Hi Tim,

Thank you for your input and sharing your experience and knowledge.


tbain98 wrote
> 1.  In my limited experience with slow consumer abort strategies (using
> the
> SlowConsumerAbortStrategy, not the SlowAckConsumerAbortStrategy), I've
> observed that a client will continue processing the current message even
> when aborted; the abort seems to allow the broker to get on with its life
> but doesn't seem to stop the client from finishing what it's doing.  If
> that's what you mean by "AbortSlowAckConsumerStrategy couldn't abort the
> consumer", then that's in line with what I've observed.  Maybe someone who
> knows the ActiveMQ client code more intimately will know of a way to
> interrupt the processing that the client is doing, but if not, you might
> need to build a max processing time into your client's message-handling
> logic, to allow your client to stop if it takes too long.

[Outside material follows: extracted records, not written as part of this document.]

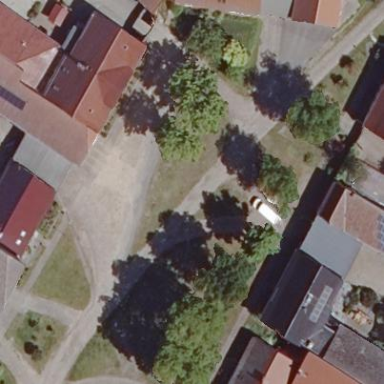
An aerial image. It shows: Village green area.
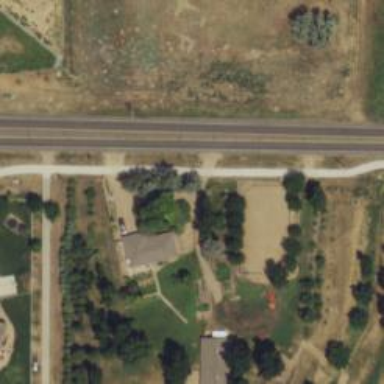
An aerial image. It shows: Driveway.
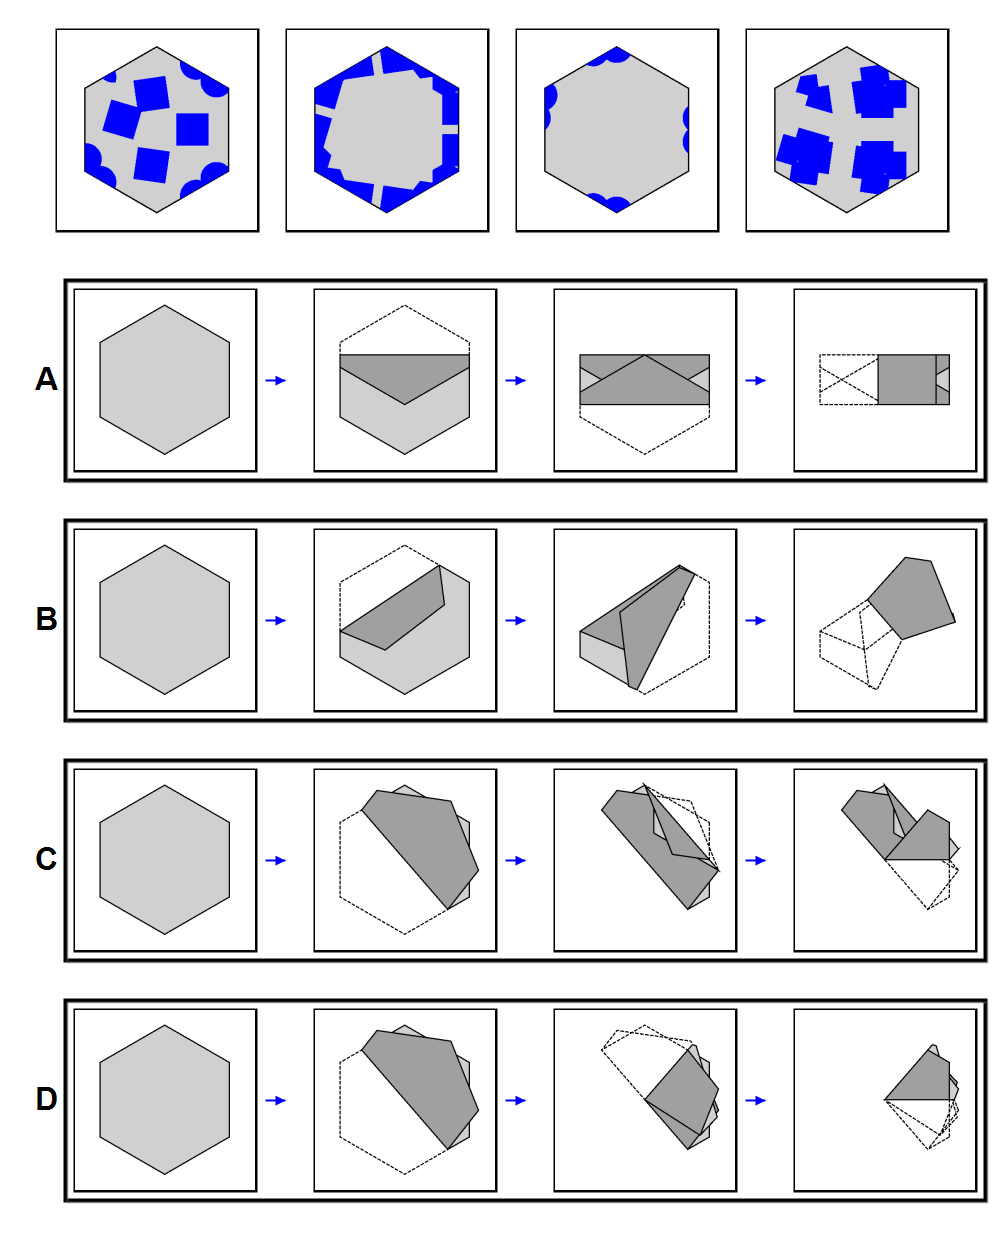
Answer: D
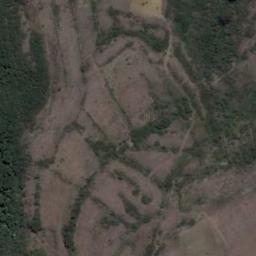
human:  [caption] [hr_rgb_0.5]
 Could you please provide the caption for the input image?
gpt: Many green plants are on the terrace .

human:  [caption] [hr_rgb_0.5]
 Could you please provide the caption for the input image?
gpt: The bare terrace is next to some trees .

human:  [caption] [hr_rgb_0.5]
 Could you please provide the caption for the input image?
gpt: There is a red house in the open space between the terraces .

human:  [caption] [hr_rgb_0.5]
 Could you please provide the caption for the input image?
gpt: A large layer of brown and green mixed terraces .

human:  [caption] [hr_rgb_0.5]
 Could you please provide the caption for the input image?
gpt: There are green meadows beside the terraces .
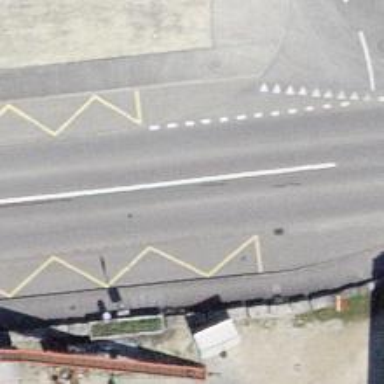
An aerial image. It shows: Bus stop equipped with public transport stop position.
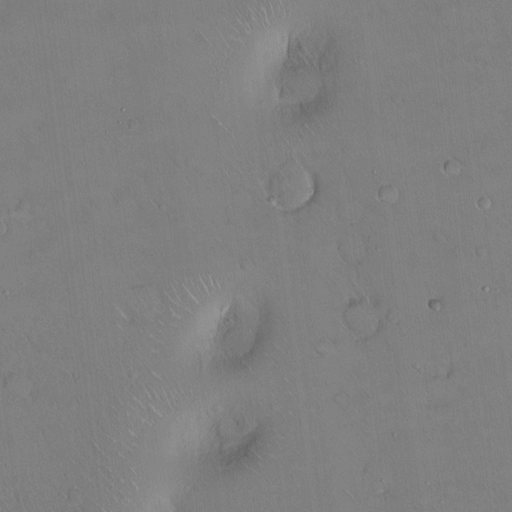
Classes present: Background, Cone
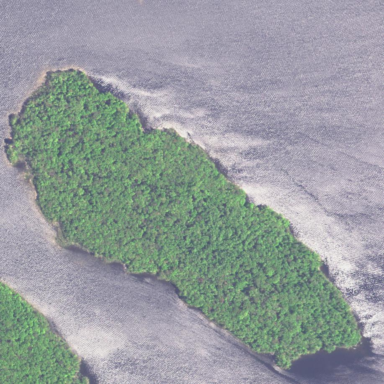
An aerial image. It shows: Islet.
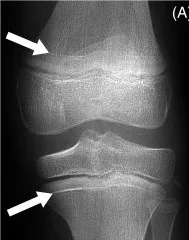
Anteroposterior . Radiographs taken six months.
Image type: radiology (x_ray)
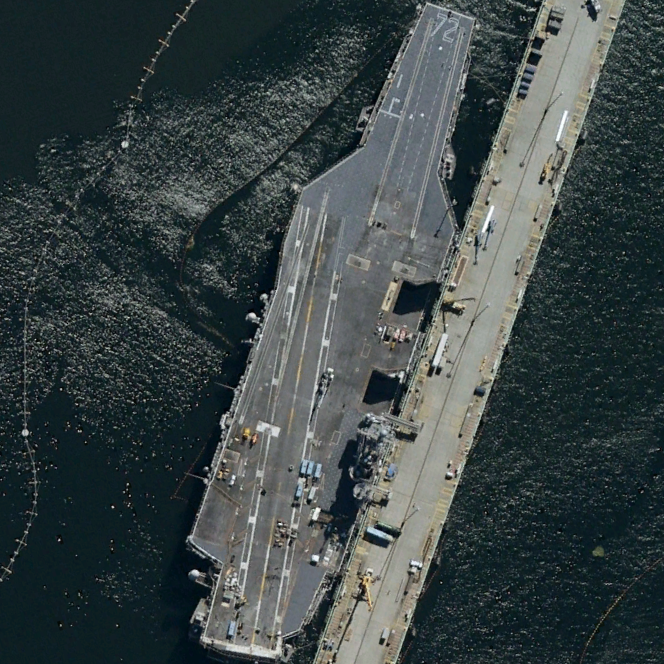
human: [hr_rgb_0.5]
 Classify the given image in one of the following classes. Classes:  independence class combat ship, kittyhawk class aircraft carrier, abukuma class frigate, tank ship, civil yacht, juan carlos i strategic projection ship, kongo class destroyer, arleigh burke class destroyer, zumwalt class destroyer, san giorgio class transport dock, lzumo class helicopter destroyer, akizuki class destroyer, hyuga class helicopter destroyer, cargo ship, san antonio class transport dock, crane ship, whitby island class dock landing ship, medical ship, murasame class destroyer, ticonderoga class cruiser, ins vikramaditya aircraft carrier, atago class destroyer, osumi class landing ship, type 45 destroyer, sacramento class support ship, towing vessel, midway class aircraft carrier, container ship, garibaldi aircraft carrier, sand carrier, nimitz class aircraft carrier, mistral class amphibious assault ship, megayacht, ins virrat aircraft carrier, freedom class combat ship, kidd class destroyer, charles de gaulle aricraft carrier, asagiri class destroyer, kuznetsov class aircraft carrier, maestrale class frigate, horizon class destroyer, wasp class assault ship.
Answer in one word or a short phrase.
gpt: Nimitz class aircraft carrier

First I need to clarify some things:
- We have defined a transactionTimeout (30 minutes) on a database, so if a
listener can’t consume the message in less than 30 minutes the exception
will be thrown and listener will run redelivery policy rules. (In this case
it will be send back to the broker and broker will schedule one more
redelivery after 100 seconds, if the message couldn’t be processed again
broker will send it to the DLQ). The whole processing can take about 30-35
minutes max.

- About the logs: I have posted the logs somehow selectively - I wanted to
show that the same idle consumer can’t be aborted in a span of 18 hours.
Lines like this one:


2014-10-25 00:00:11,455 [host] Scheduler] INFO  AbortSlowConsumerStrategy     
- aborting slow consumer:
ID:min-p-app02.osl.basefarm.net-36433-1414153506788-1:1:17:7 for
destination:queue://generateReportQueue 

we get every 6 minutes (or so) with the same consumer id all the time. I
have cut the most of logs to keep it short. There were no messages to
consume at that point in the queue. The real issue is that
SlowAckConsumerAbortStrategy couldn’t abort the consumer which was idle. My
experience with the abort strategy (when it’s working correctly) is the same
as yours: it doesn’t abort the consumer but politely asks to abort when it
finished processing current message. But in this case the consumer didn’t
have anything to process (maybe it only had some acks to send back - as I
was using JMX to move messages to a DLQ by mylself).




tbain98 wrote
> 2.  Your config seems reasonable for your use-case, though slow consumer
> abort strategies are generally intended for when a consumer unexpectedly
> takes a long time, whereas your use case seems like your consumers
> expectedly but unpredictably take a long time.  But certainly you're using
> the more appropriate of the two strategies if you're going to use one. 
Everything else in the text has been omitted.